China’s united front work has made meticulous efforts at establishing and maintaining contacts with business leaders, enticing them with honors including political appointments as deputies of the National People’s Congress and as delegates to the Chinese People’s Political Consultative Conference, thereby cultivating their political support and grooming their pro-Beijing descendants. Loh’s work did not say much in all these aspects, including how effective was political co-optation, and how money and honors were the useful instruments in the process of absorbing Hong Kong people into the CCP orbit. On the other hand, political control was best reflected by China’s autocratic interpretations of the Hong Kong Basic Law. These constitutional design and interpretations allow the mainland Chinese and Hong Kong authorities to dominate the process of political discourses. The series of interpretations were well designed and the CCP has concentrated its power of interpretations and designs into its own hands. The Hong Kong authorities are accountable to the Beijing government rather than to the people of Hong Kong. That is to say, the new content of the second edition did not probe all the sensitive and essential issues, perhaps reflecting Loh’s need to avoid any conflict of interest and role as a former government official.

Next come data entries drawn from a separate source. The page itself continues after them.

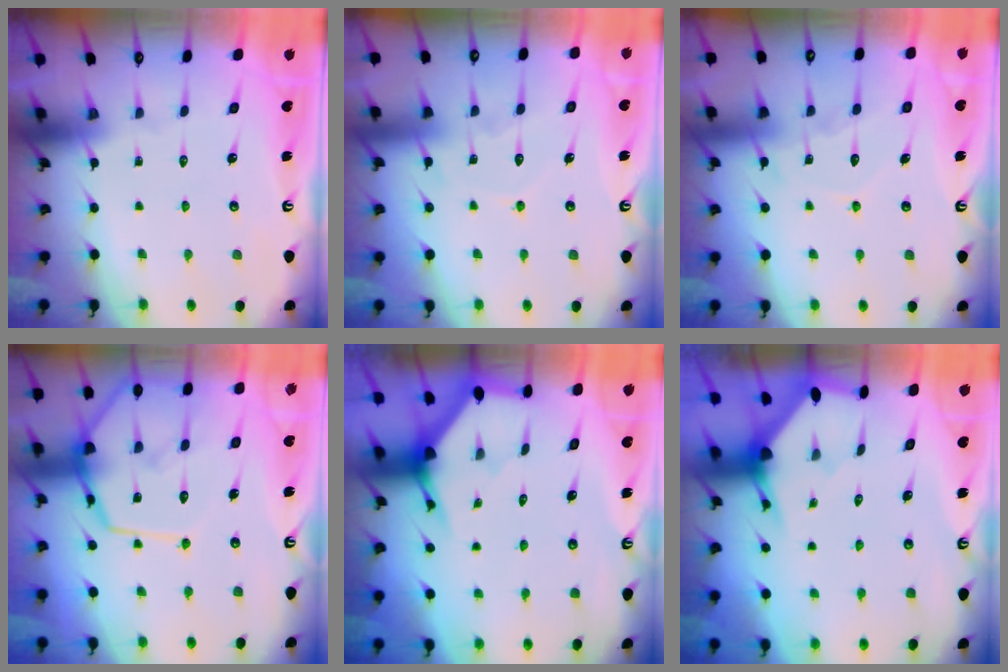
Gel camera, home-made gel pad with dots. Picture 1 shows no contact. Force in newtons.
{"total": 8.9, "press": 8.9, "slide": 0.8}
{"total": 10.3, "press": 10.3, "slide": 0.9}
{"total": 14.2, "press": 14.2, "slide": 1.3}
{"total": 3.5, "press": 3.5, "slide": 0.1}
{"total": 3.2, "press": 3.2, "slide": 0.3}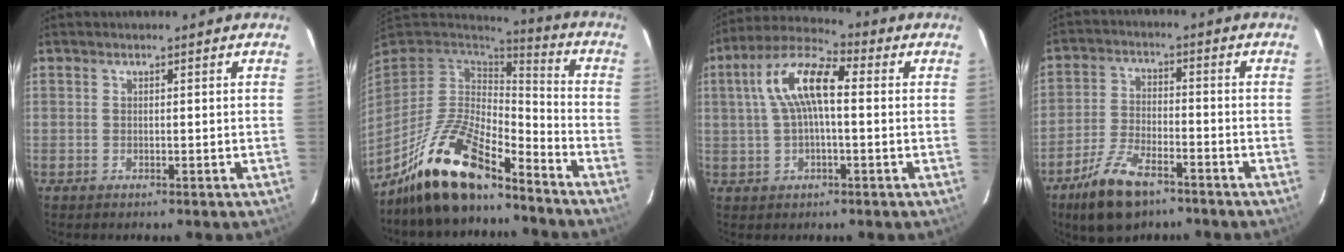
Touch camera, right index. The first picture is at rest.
{"total": 17.7, "force": [-13.1, 5.2, 10.7], "torque": [-0.220, -0.019, -0.244]}
{"total": 11.1, "force": [1.4, 4.1, 10.2], "torque": [-0.203, 0.027, 0.021]}
{"total": 10.9, "force": [-7.4, 4.3, 6.7], "torque": [-0.154, -0.011, -0.138]}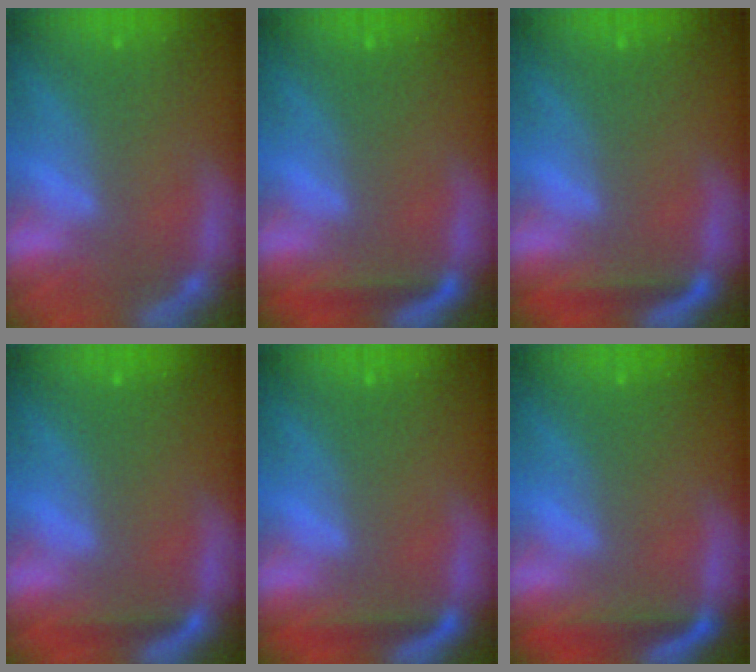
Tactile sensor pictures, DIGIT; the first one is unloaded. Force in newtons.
{"total": 1.9}
{"total": 1.9}
{"total": 1.4}
{"total": 1.9}
{"total": 3.0}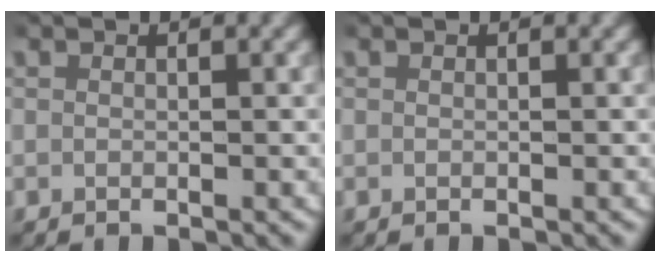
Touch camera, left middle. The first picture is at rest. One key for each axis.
{"total": 0.0}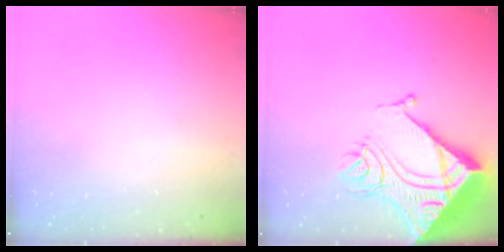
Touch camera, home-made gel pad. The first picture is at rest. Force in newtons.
{"total": 23.6, "press": 23.4, "slide": 3.0}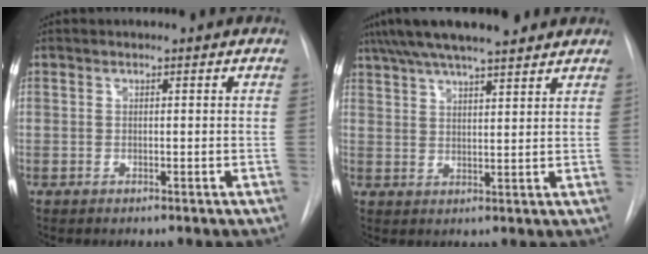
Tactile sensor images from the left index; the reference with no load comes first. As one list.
[{"total": 13.6, "force": [11.4, 2.0, 7.3], "torque": [-0.129, 0.038, 0.179]}]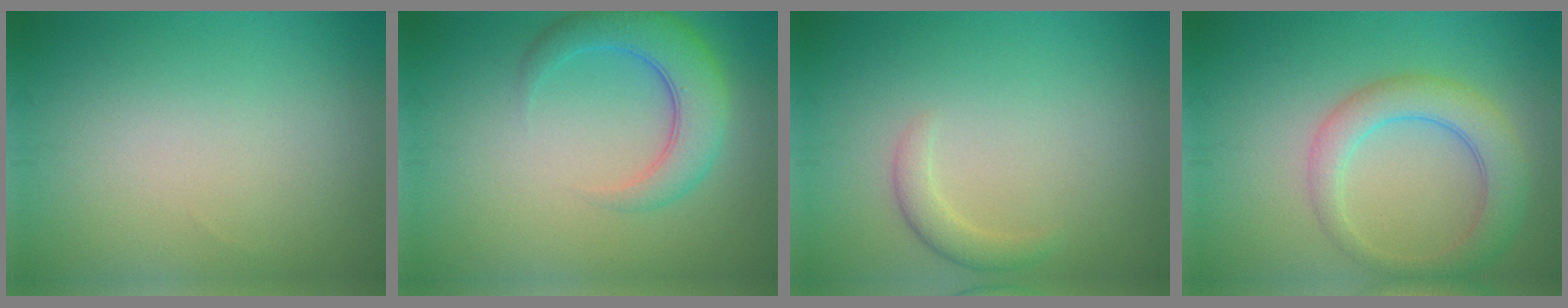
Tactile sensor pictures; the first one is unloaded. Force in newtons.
{"total": 5.1, "press": 5.1, "slide": 0.3}
{"total": 1.7, "press": 1.7, "slide": 0.1}
{"total": 4.4, "press": 4.4, "slide": 0.2}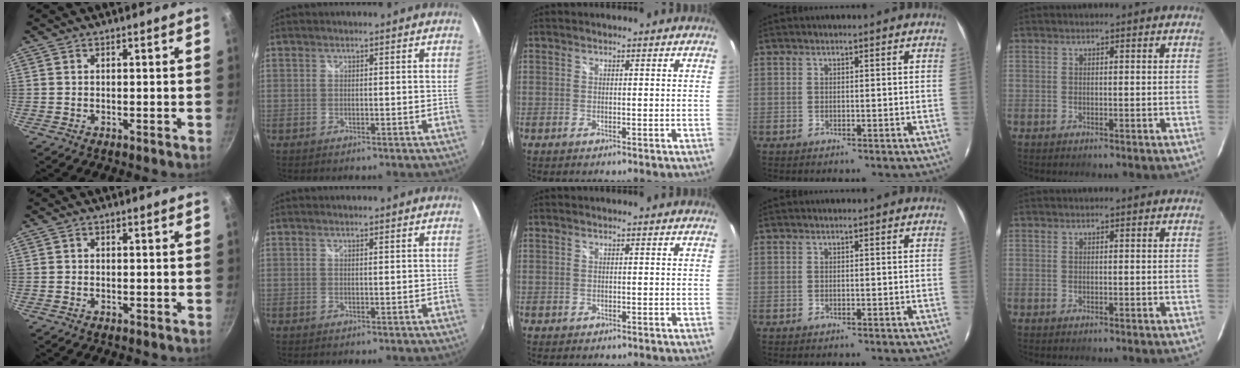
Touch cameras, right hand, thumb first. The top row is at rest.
{}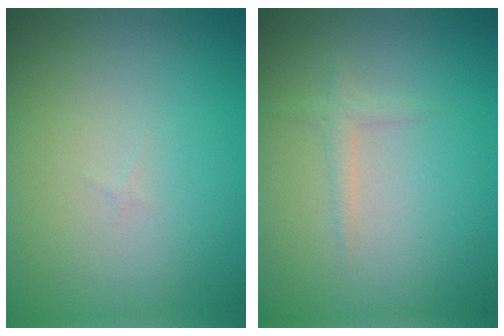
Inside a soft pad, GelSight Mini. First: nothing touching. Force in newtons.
{"total": 1.0, "press": 1.0, "slide": 0.1}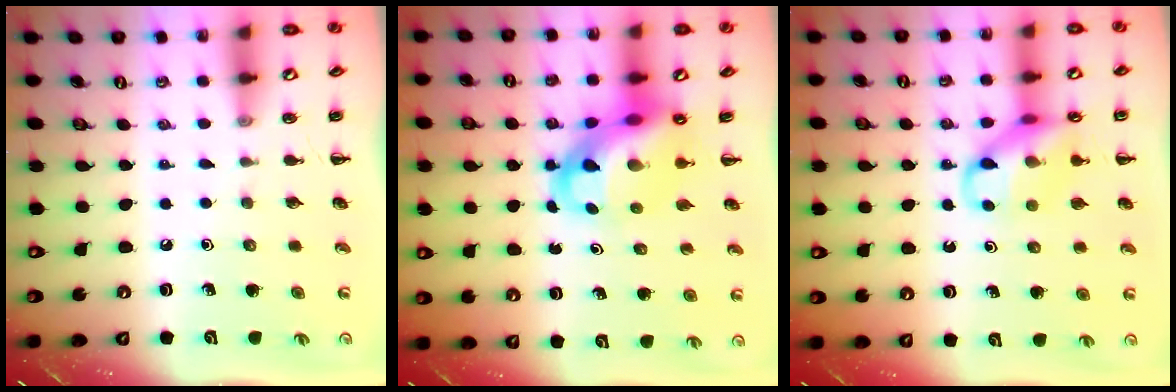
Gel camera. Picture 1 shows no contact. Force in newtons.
{"total": 12.8, "press": 12.4, "slide": 3.2}
{"total": 12.9, "press": 12.8, "slide": 1.6}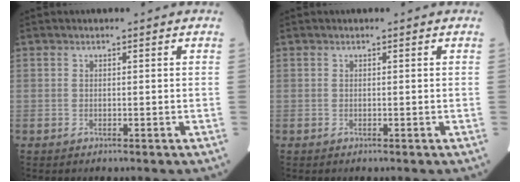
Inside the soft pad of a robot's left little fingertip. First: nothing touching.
{"total": 0.0}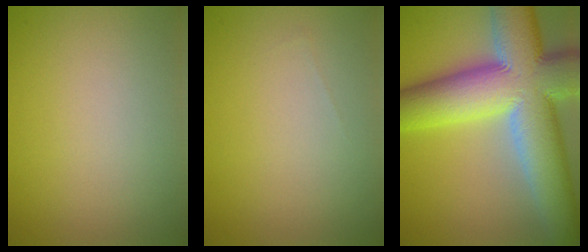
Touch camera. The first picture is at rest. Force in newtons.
{"total": 0.0}
{"total": 16.3, "press": 16.2, "slide": 1.1}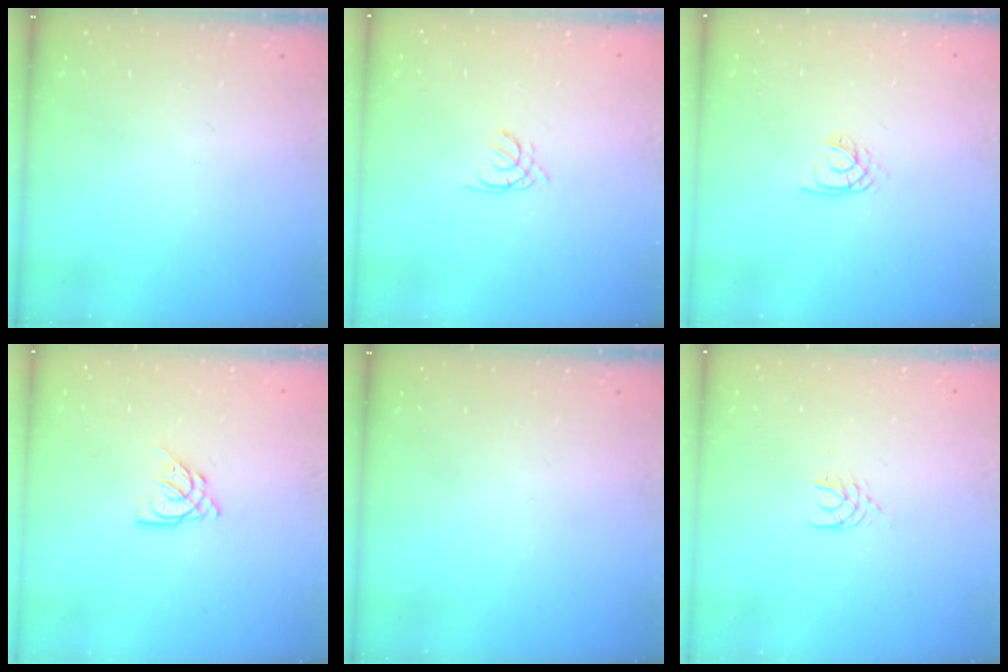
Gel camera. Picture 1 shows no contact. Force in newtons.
{"total": 0.5, "press": 0.4, "slide": 0.3}
{"total": 2.0, "press": 1.9, "slide": 0.4}
{"total": 6.7, "press": 6.7, "slide": 0.2}
{"total": 0.0}
{"total": 3.4, "press": 3.4, "slide": 0.4}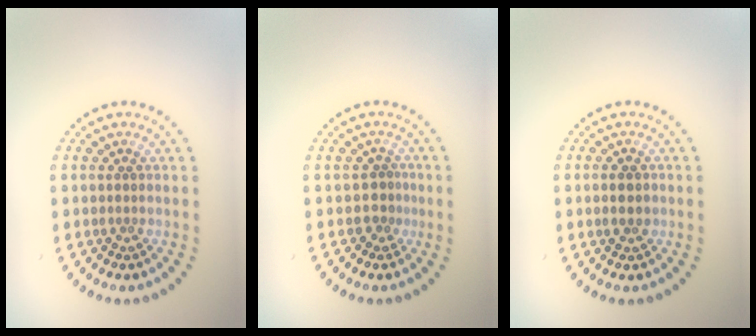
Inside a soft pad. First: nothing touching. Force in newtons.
{"total": 1.3, "press": 1.0, "slide": 0.8}
{"total": 1.4, "press": 1.4, "slide": 0.0}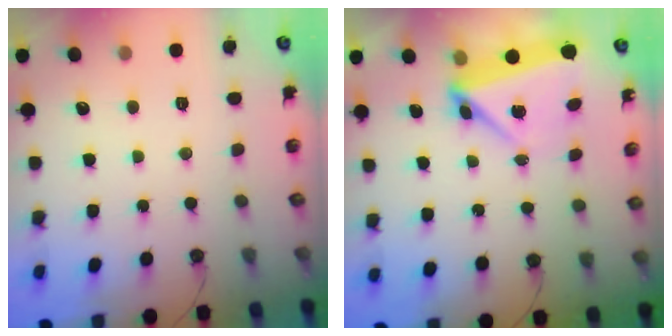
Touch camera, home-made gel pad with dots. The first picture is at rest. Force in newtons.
{"total": 7.0, "press": 4.8, "slide": 5.2}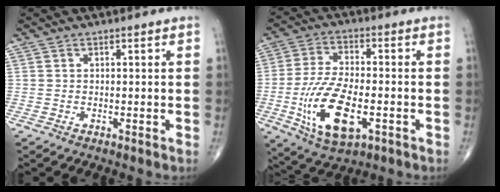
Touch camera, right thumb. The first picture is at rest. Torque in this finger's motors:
{"motor_torque": [0.02, 0.53, 1.41, -0.12, 0.16]}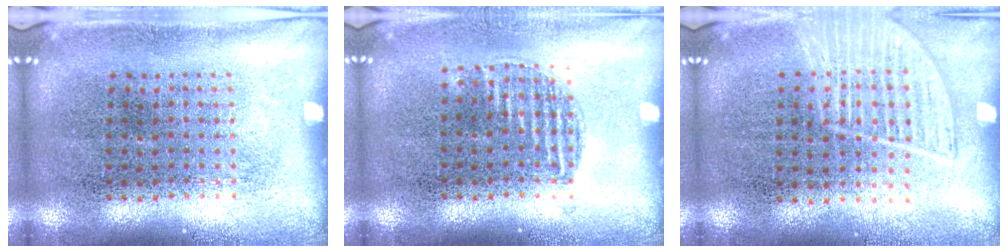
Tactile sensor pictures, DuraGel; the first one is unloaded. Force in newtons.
{"total": 0.9, "press": 0.8, "slide": 0.3}
{"total": 1.4, "press": 1.3, "slide": 0.6}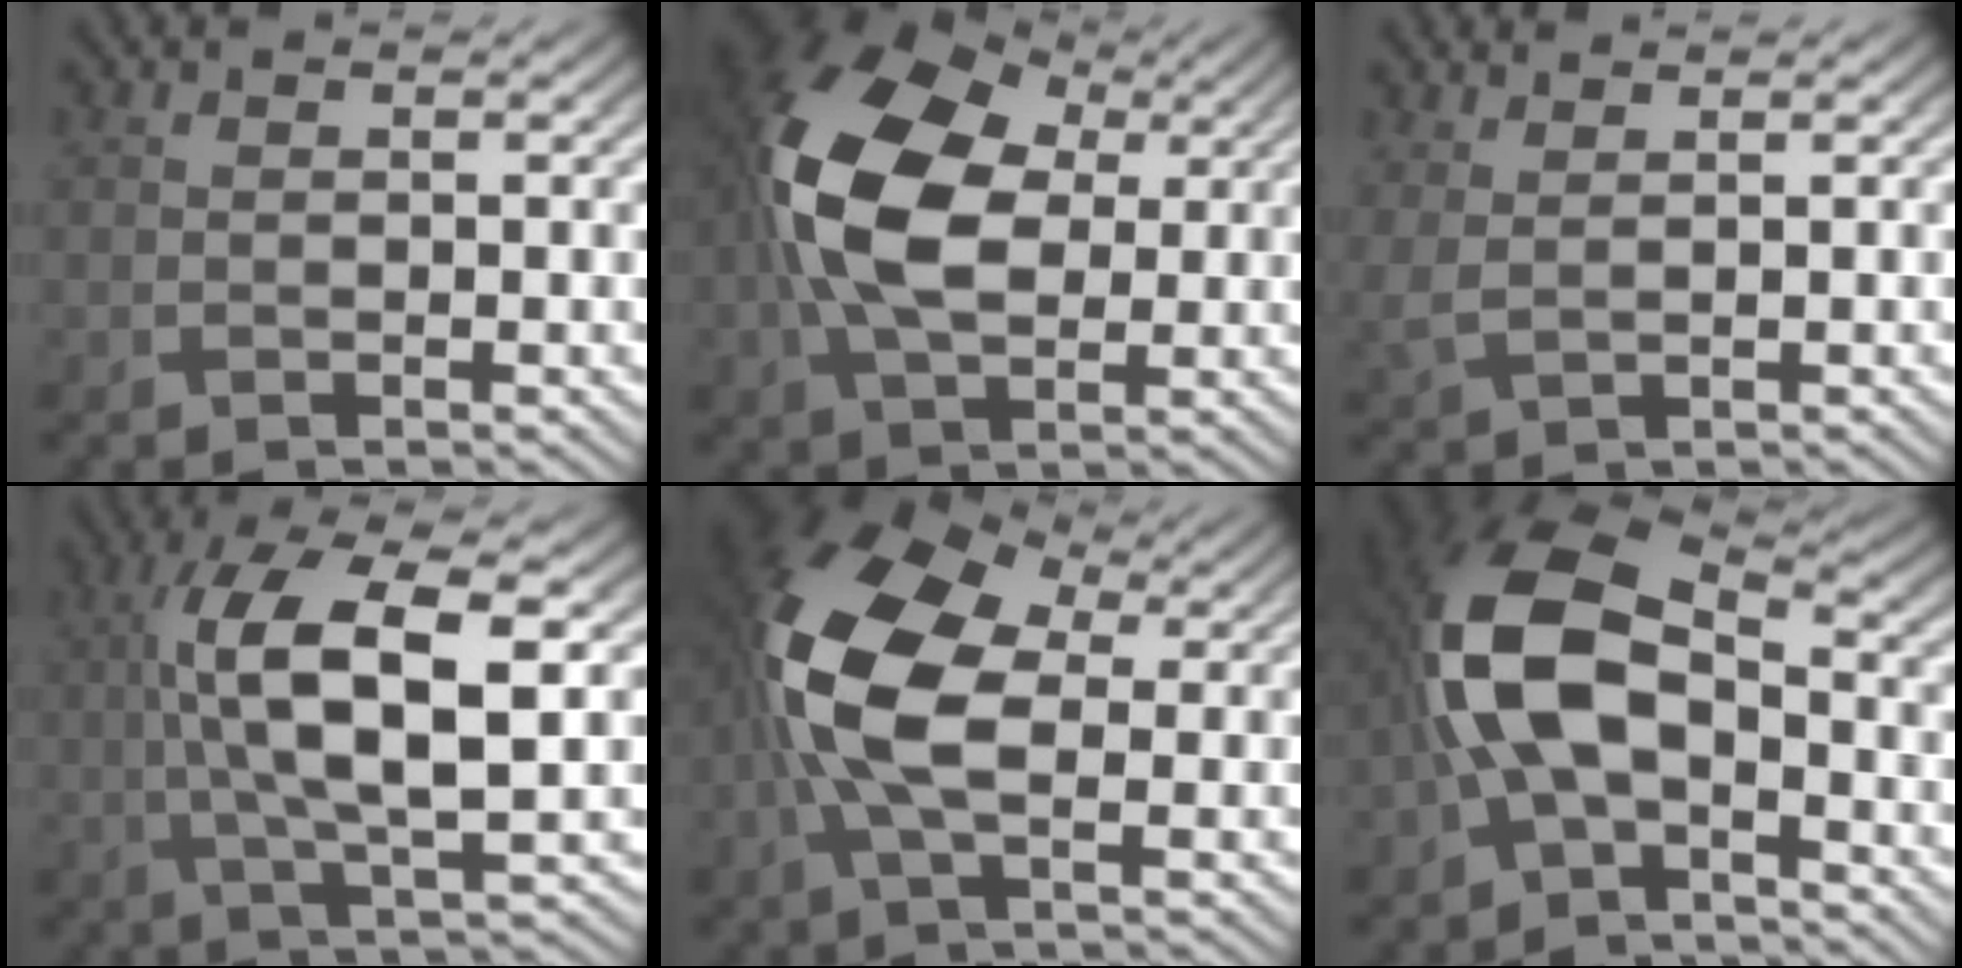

It is more important to note that the CCP became more active and radical in dealing with Hong Kong’s social movements. Sometimes, the well-established civil society could propel the pro-democracy movements, which however were resisted and opposed by the underground CCP interest groups. During the period from 2010 to 2018, the CCP in Hong Kong, as suggested by Shiu Sin-bor (the former Director of the pro-Beijing One Country Two Systems Research Institute and the former head of the Central Policy Unit) utilized different strategies, mobilized different patriotic groups, actively countered social and political movements and stigmatized some pro-democracy leaders. The political demands of Hong Kong people, such as achieving universal suffrage, were blunted and frustrated by the government and its pro-Beijing forces during the C. Y. Leung administration, but unfortunately Loh has failed to point out the achievement pf the underground CCP in their organized mass mobilization.

The organization of the united front work orchestrated by the underground CCP in Hong Kong should ideally be addressed by Loh, but she did not do so. Since July 1, 1997, there has been more and more organizations and interest groups sprung up under the umbrella of the CCP in Hong Kong. Unfortunately, Loh basically did not dig into details of this part of the prominent and visible united front work in Hong Kong.

In short, this second edition was just harping on an old tune, namely the underground CCP was working, but the question of effectiveness was not really addressed. The stereotyped image of a persistent underground CCP is deep-rooted in Loh’ two editions, but there was little discoveries in her study. And her “run-of-the-mill” type of recommendations leaves much to be desired. It was extraordinary that the underground CCP remains extraordinarily active, but the book’s new edition clearly neglected its reality. From a critical perspective, Loh’s two editions, especially the latest edition, have treated the existence of the underground CCP as given without much new insights, new findings and detailed analyses of the intricate process of electoral and political mobilization.